We were now moving towards the Court Room No. 5, where the arguments were supposed to happen. Fun fact, u asked. Let me tell you, the environment here in the Lower Courts is quite different from that of High Courts and the Supreme Courts. Everyone knows everyone. Lawyers and judges are well acquainted with each other. It is a little less formal and yet no compromise on the courtroom ethics.

It was now time for Judge to come; everyone stood up, and so did I. Announcements were made to call the defense lawyers of this case. We waited for a while, and no one from the other side made an entry to the court. There was another call for them, and yet no one appeared. A few minutes after, Advocate Deep was called by the Judge himself. I picked up the case files from the table and accompanied him along.

The Judge looked at me and said: “Ah, new champ!”. He seemed to be very humble.

I swiftly responded, “Soon to be, I’m only an intern, studying 4th year of law.”

“Right. So, what have you learned so far?” the Judge questioned.

Even before I could say anything, Advocate Deep interjected the conversation and said, “Sir, she prepared the argument for the case today, but the other party is yet not here.”

As this was being said, the Judge looked me in the eye and told me, since the defense lawyers were not there, why don’t I give him a quick case brief.

Wh..what did just happen? – Again, my troubled mind.

“Sure,” I replied with a quivering voice. And opened the case file I was carrying along with me. Ironic it was, I sat and prepared this case for all night long, yet I was blank about initiating the brief. I gathered all the courage, braced myself up, and when I looked up at the Judge to speak, a smirk flickered at the corner of his mouth as he watched me struggle.

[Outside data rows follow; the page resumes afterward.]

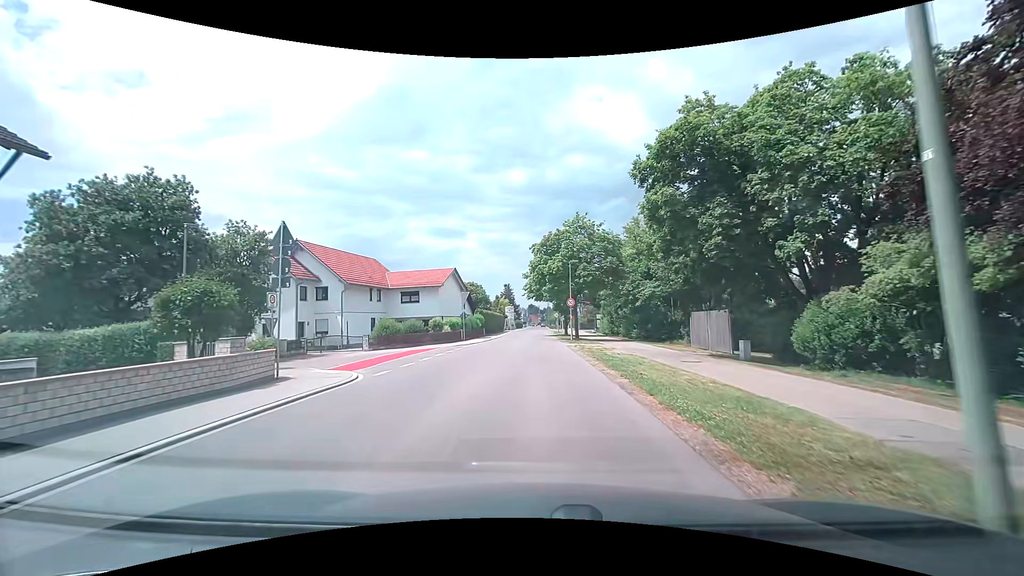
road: tertiary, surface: asphalt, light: Day
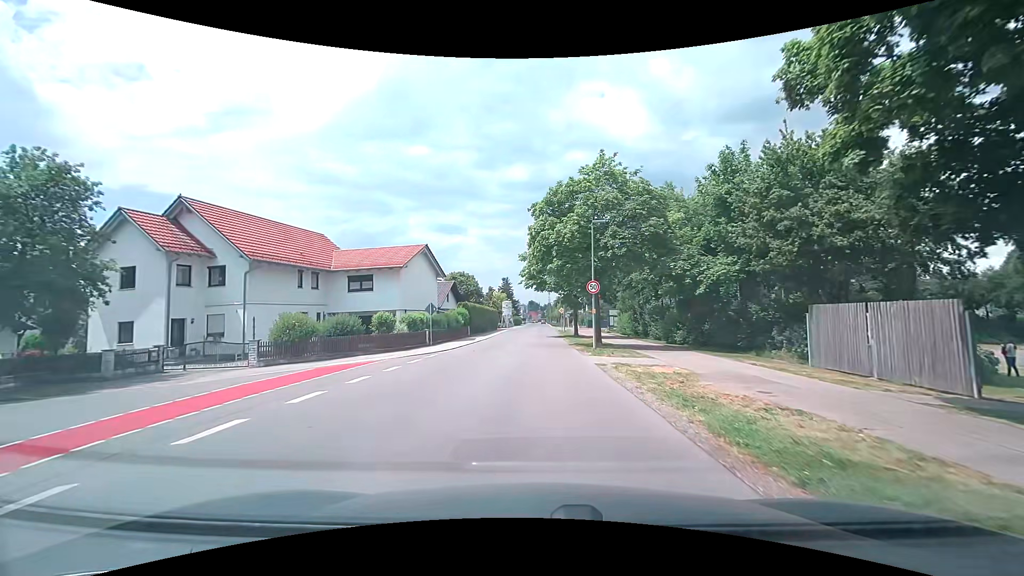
(-0.1, +14.6) m; 0°
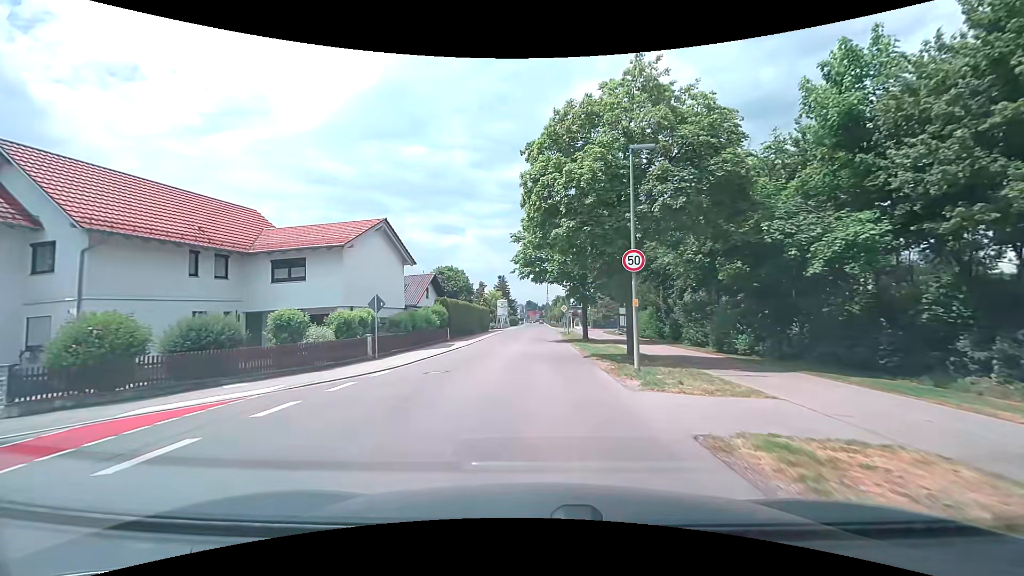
(0.0, +10.4) m; +1°
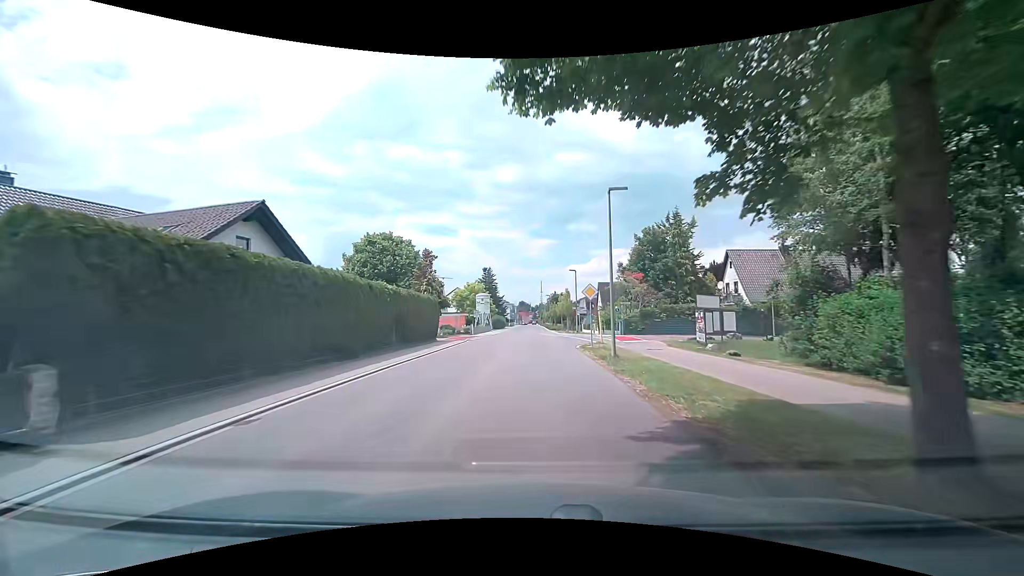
(-0.3, +31.4) m; 0°
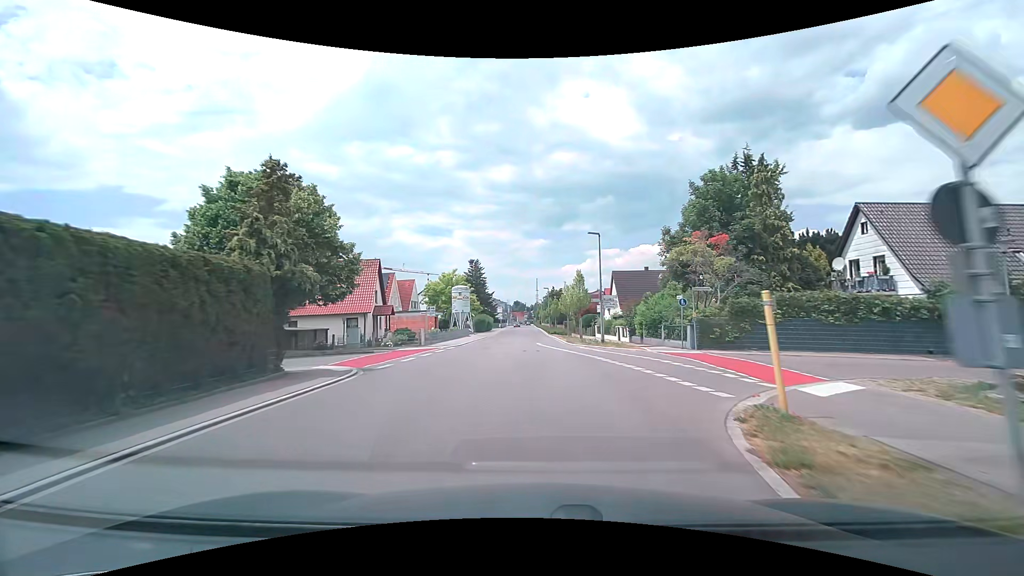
(+0.1, +21.2) m; 0°
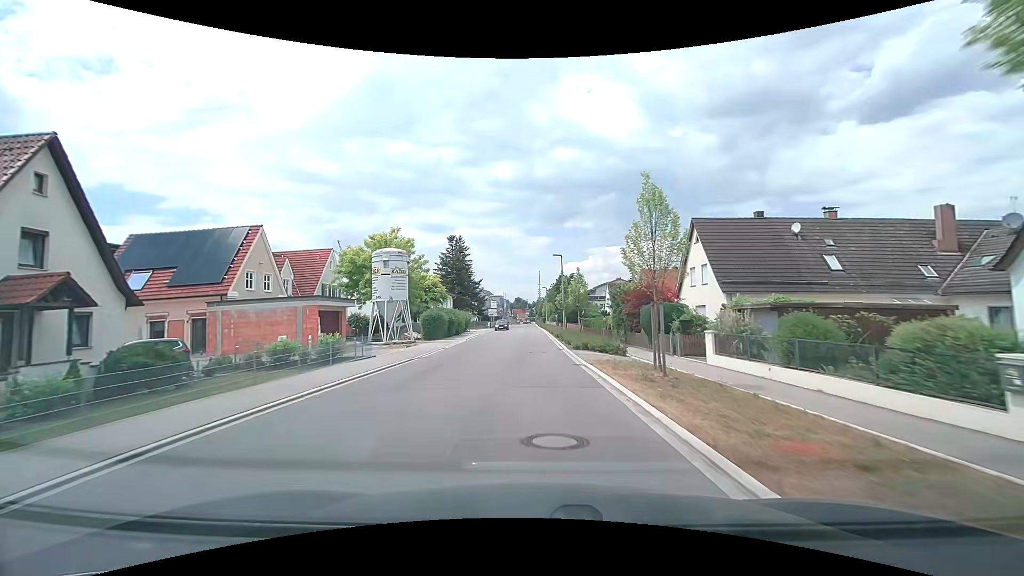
(-0.1, +33.7) m; 0°
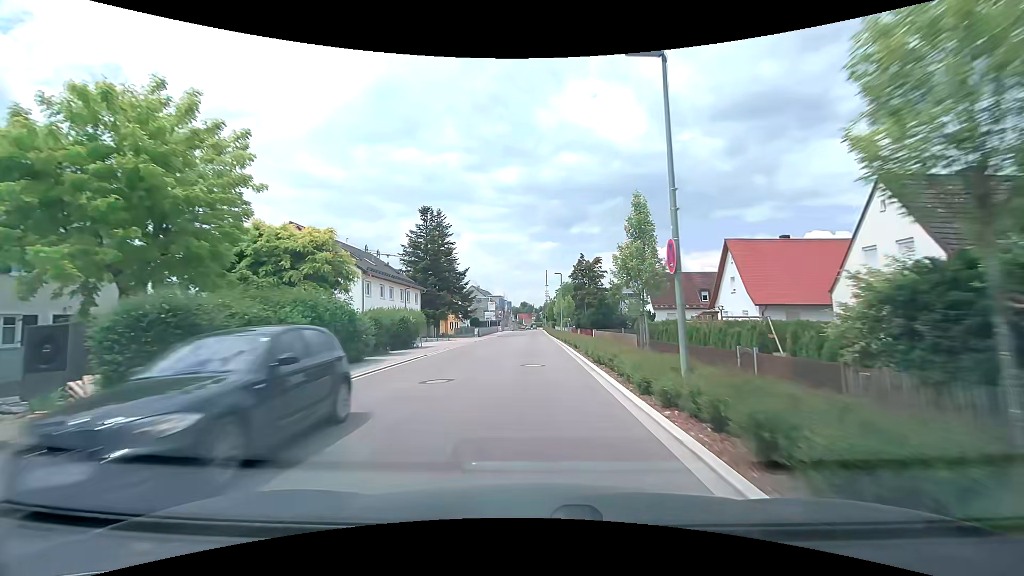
(-0.3, +28.4) m; -1°
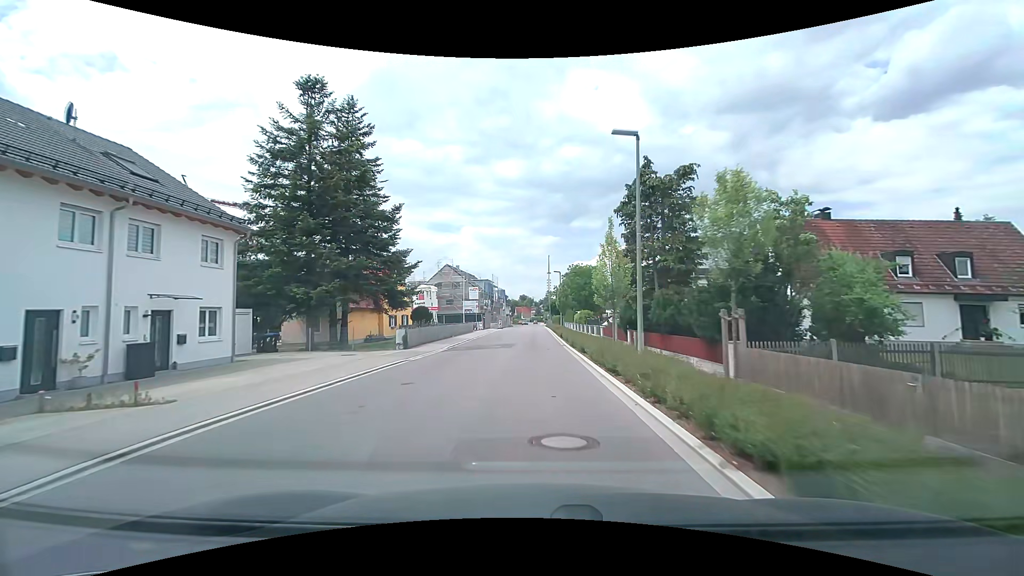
(-0.2, +35.7) m; 0°
(0, +10) (0, +20) (0, +30) (0, +40) (0, +50) (0, +60) (0, +70) (0, +80) (0, +90) (0, +100) m
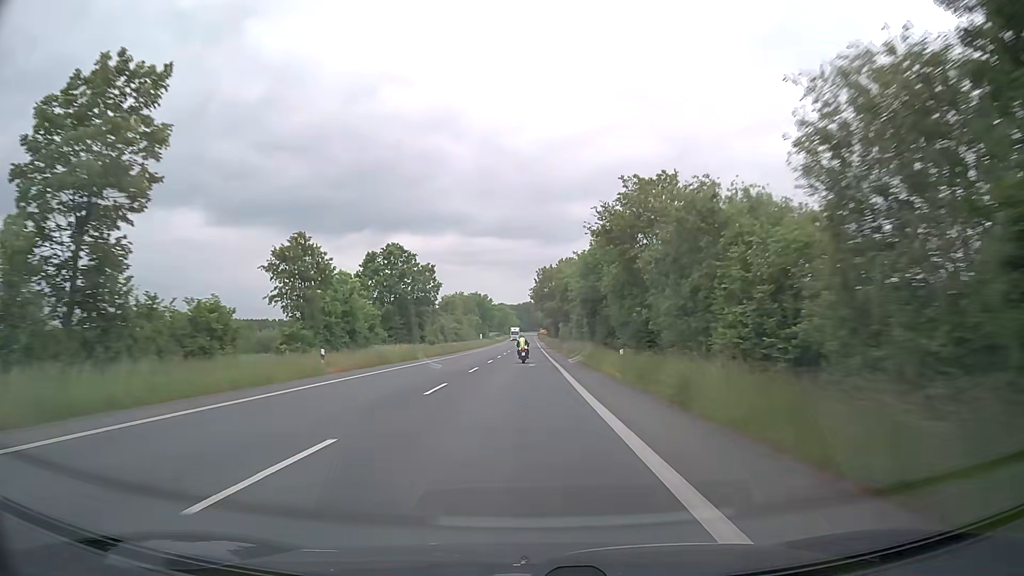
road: secondary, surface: asphalt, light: Day
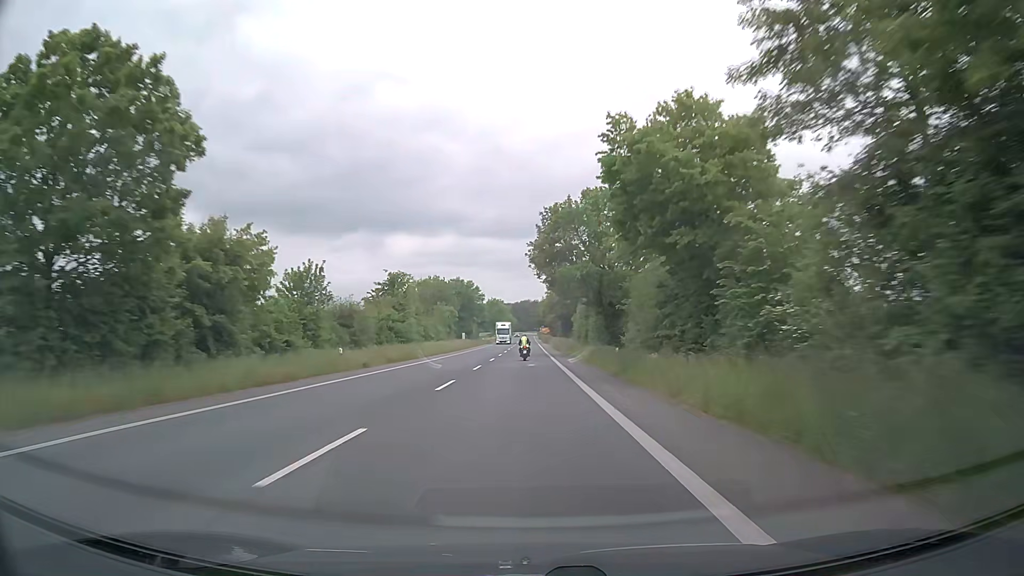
(+0.1, +47.3) m; 0°
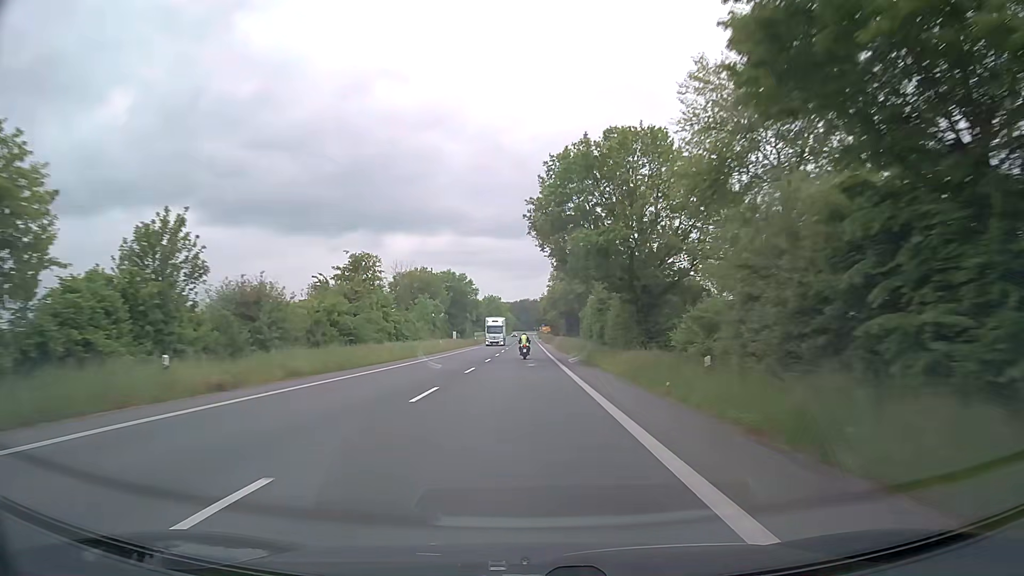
(+0.1, +16.0) m; 0°
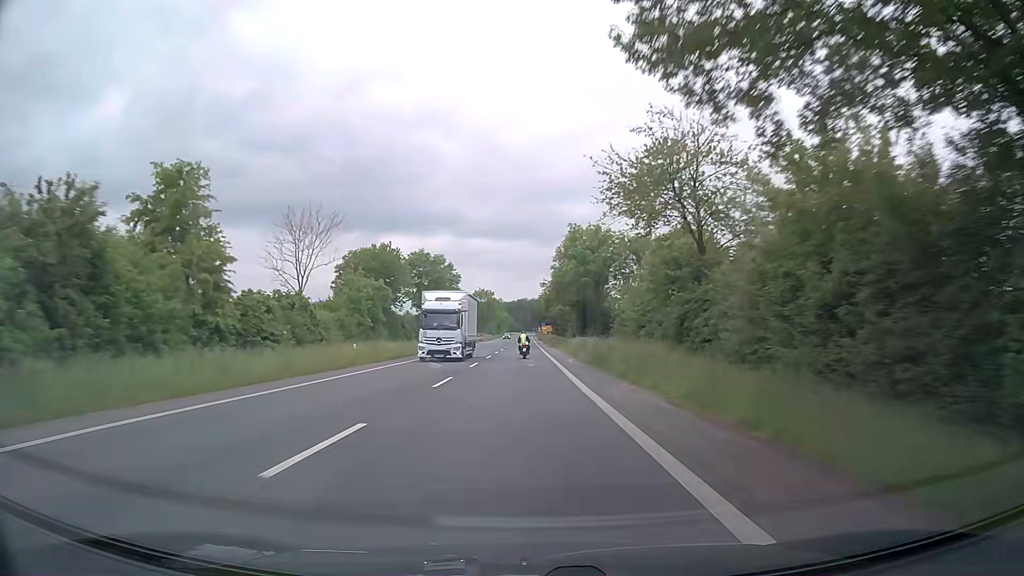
(+0.1, +32.1) m; 0°
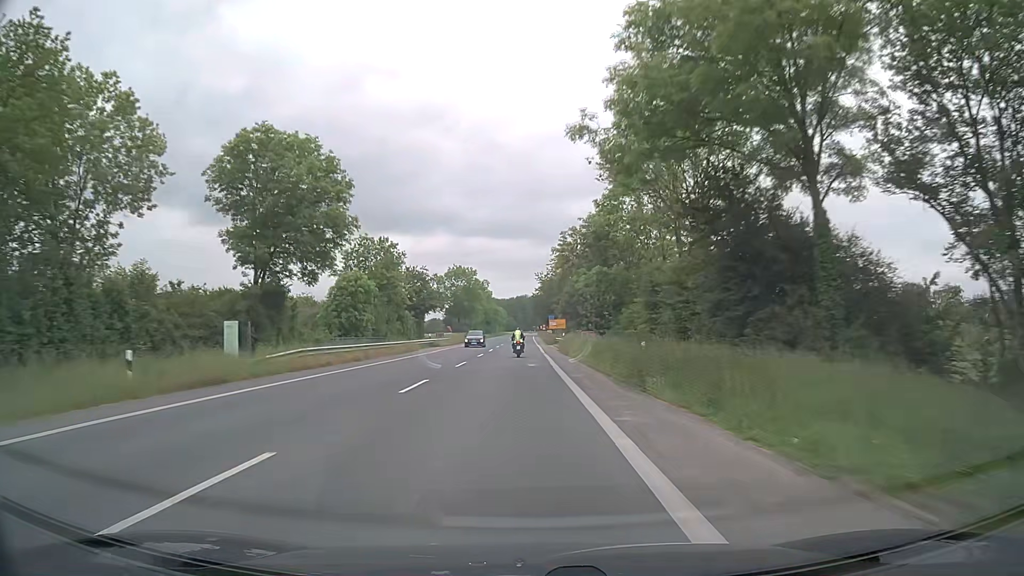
(+0.4, +63.1) m; 0°
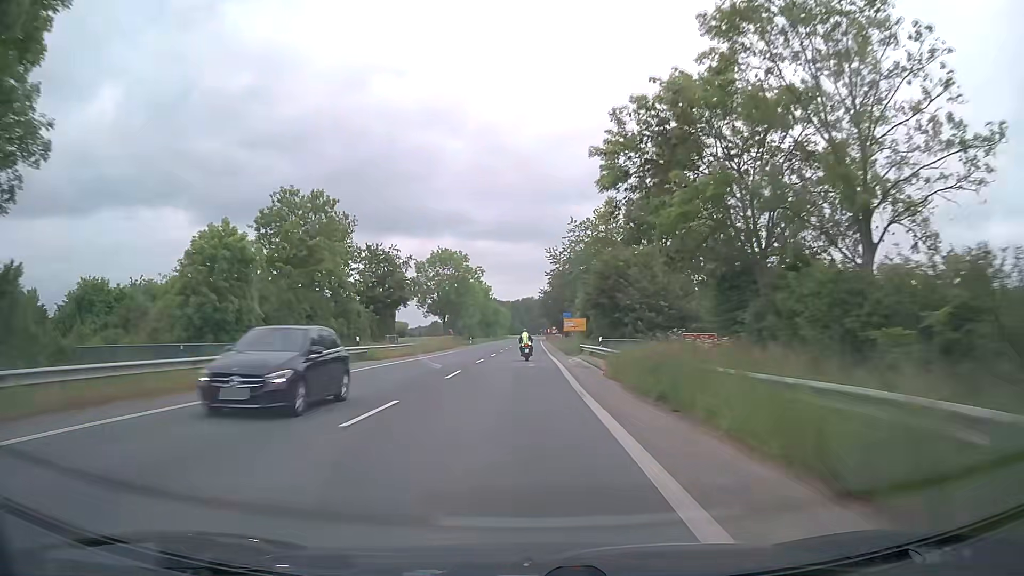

Despite everything, I started speaking. The courtroom had fallen silent now. I had to speak because I had only a little time for self – doubt or fear. I made direct eye contact with the Judge to sound more confident while speaking. Once I had finished the briefing, the Judge asked me a few case-related questions, and I answered it all except one where Deep Sir was there to help me.

After it was all done, he smiled and said, “well done.”

Only then we were informed that the defense took the further date and the arguments were postponed. Was I happy? Eeh, I had these mixed feelings after listening to this as what I had learned that day can be taught in no law schools but yourself.